In American Canto, she never actually explicitly names Kennedy, though readers are clearly aware of who she is referring to throughout.
Olivia Nuzzi dishes on her ‘digital affair’ with Robert F. Kennedy Jr. in a new book due out next month. (Copyright 2023 The Associated Press. All rights reserved.)
Saying that she loved the 71-year-old anti-vaccine activist, Nuzzi notes that she only told Kennedy – who is married to actress Cheryl Hines – “I love you” after he said it first. She also reveals that Kennedy gave her the nickname “Livvy” and wrote poems to her. He went so far as to tell her he’d take a bullet for her – and even expressed his desire for her to have his child.
“She writes that the first few times Kennedy said he loved her, she did not say it back,” the New York Times noted. “Yet she knew she felt the same. ‘I love him, I thought. Oh no. I love him so much.’ They spoke often and were intimate enough for her to see him flossing his teeth, his dopp kit overflowing with prescriptions.”
She also insisted that while Kennedy had claimed to be “sober” for decades, he confided in her that he was taking psychedelics and smoked the powerful drug dimethyltryptamine, or DMT. She, in turn, let him know she took Adderall and “liked uppers.”
In the end, with Kennedy looking to join forces with Trump after his presidential campaign imploded, she said that Kennedy’s promise to “take a bullet” turned into her having to do that for him.
Once news of their relationship broke in September of last year, she told Kennedy she would do whatever he needed. Kennedy, meanwhile, said: “If it’s just sex, I can survive it.” She told the Times that she has not spoken to Kennedy in a year.

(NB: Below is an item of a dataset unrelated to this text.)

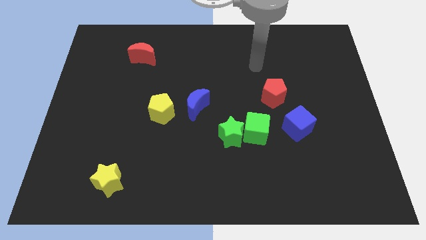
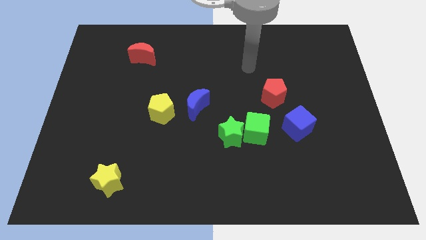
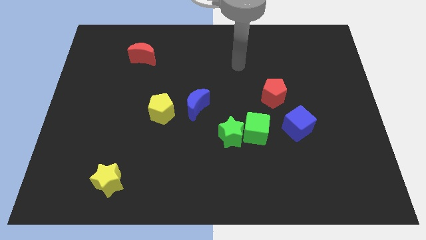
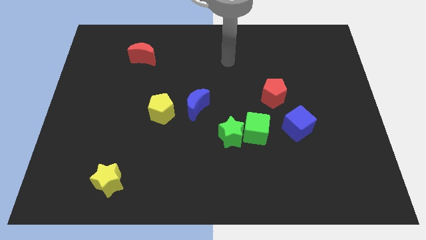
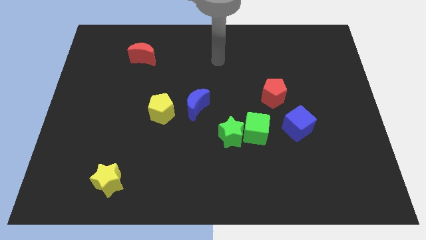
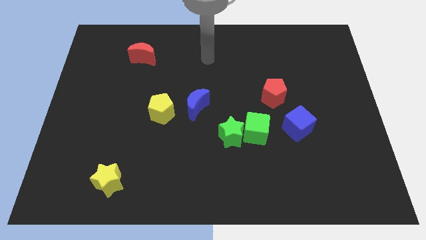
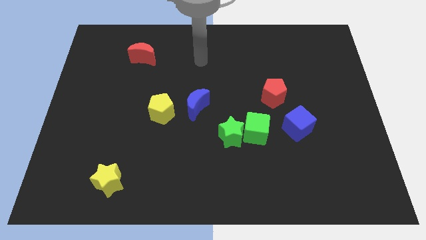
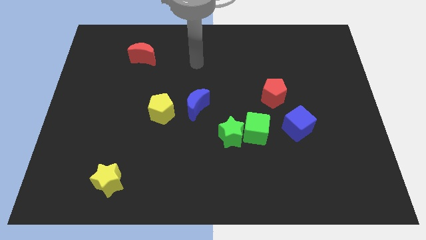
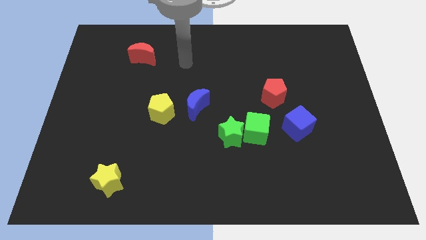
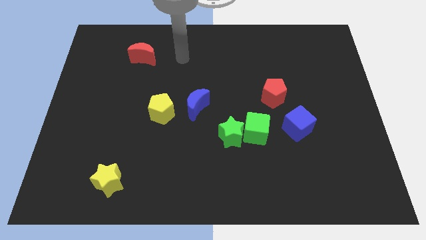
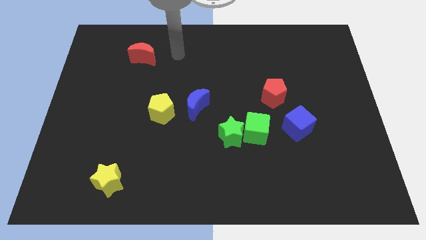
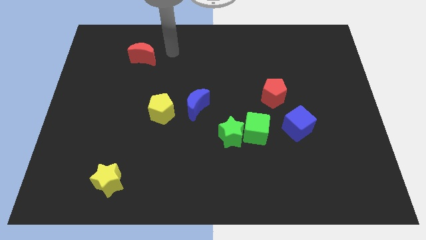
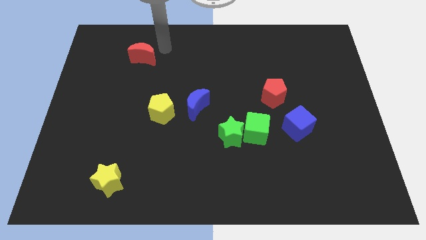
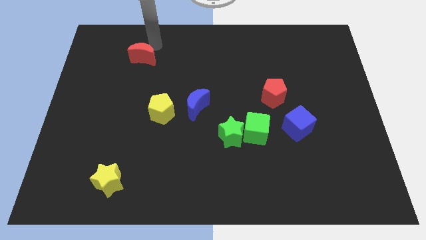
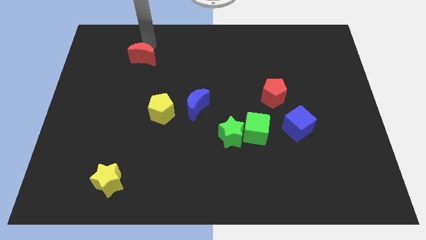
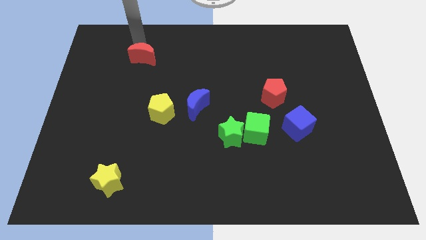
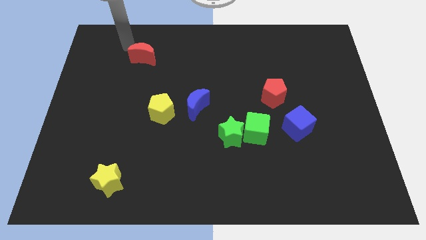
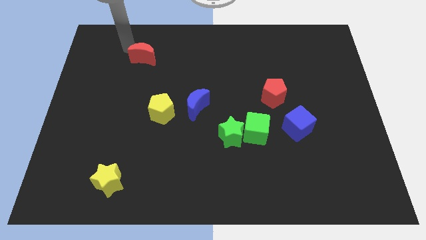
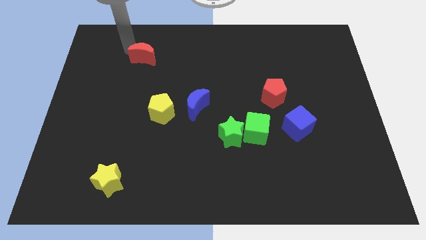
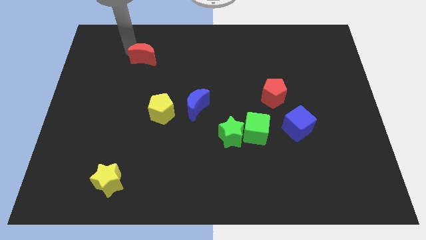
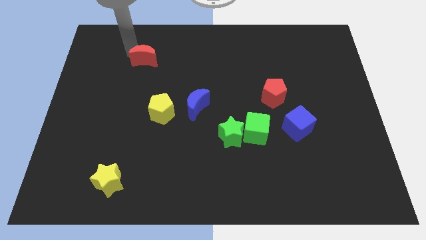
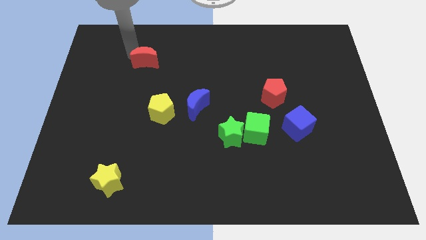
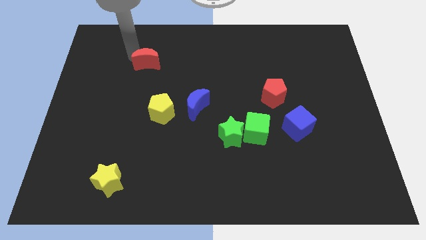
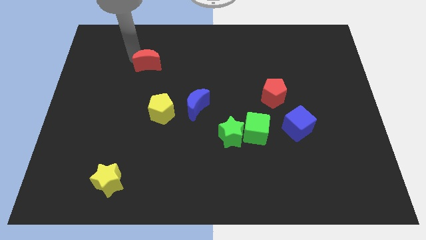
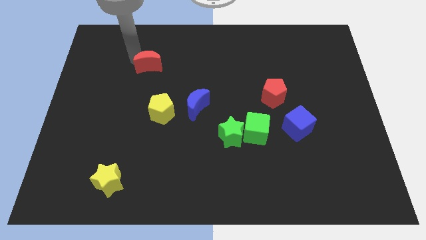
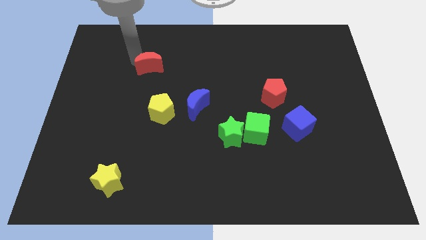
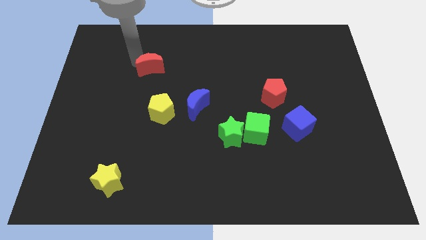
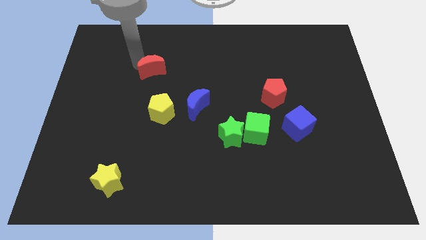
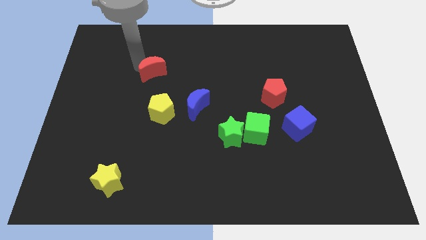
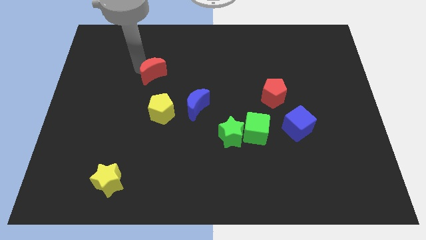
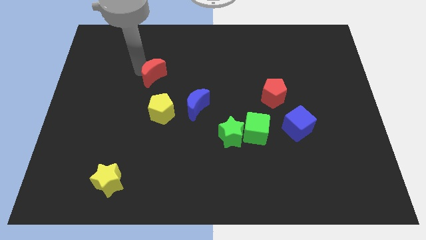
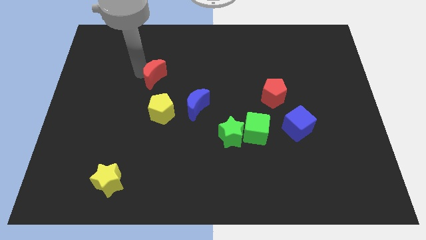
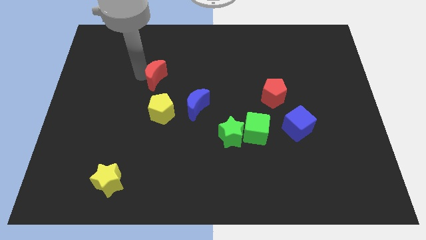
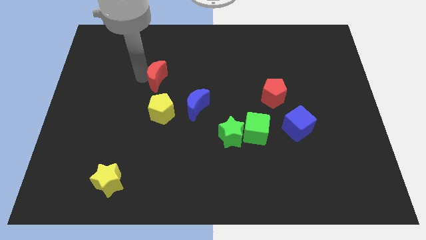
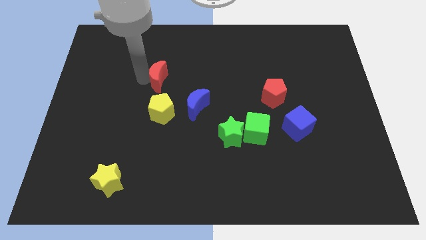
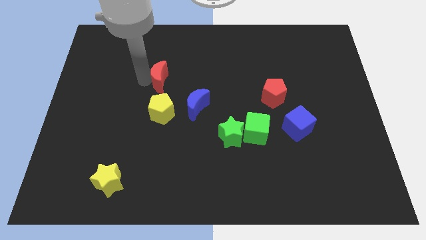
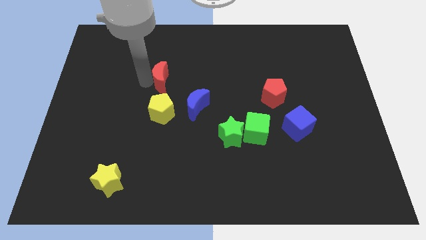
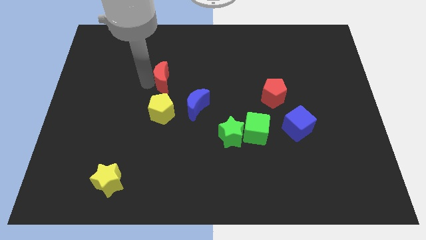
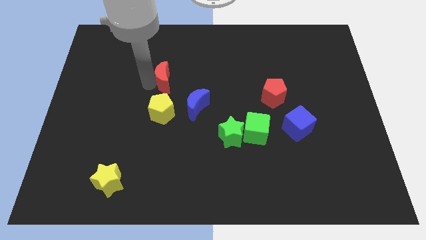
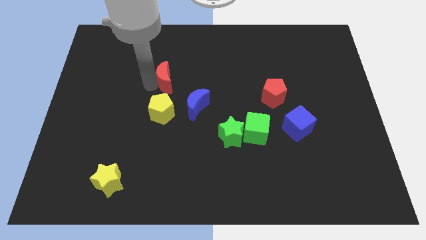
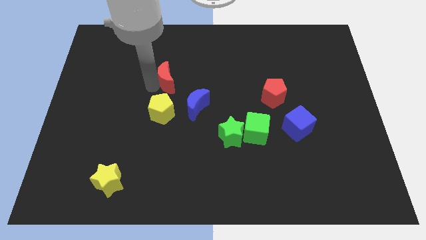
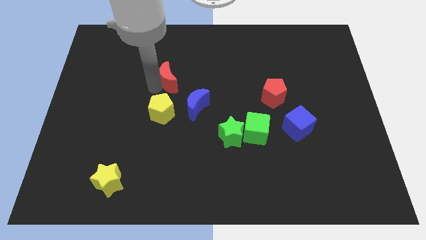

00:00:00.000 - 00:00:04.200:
move the red moon to the middle

At the time the relationship came to light, Kennedy attempted to shrug it off, insisting he’d only ever met Nuzzi once for a “hit piece” she wrote about him for New York magazine.
Meanwhile, the Times pointed out that Nuzzi’s book is written in such a way that it “allows her to construct a world where everyone is a sketch and proof is beside the point.” She also asserts in the memoir that she understands people will disagree with her version of history, and that she’s not trying to prove anything.
Still, when asked whether she still had her text messages with Kennedy, she replied: “I don’t have anything to say about that.”
During one interview with the Times, Nuzzi “gave up the pretense of trying to explain the unexplainable” and joked about why she suddenly fell in love with the current head of Trump’s health department.
“Maybe it was the vaccines,” she quipped while sitting under a pine tree.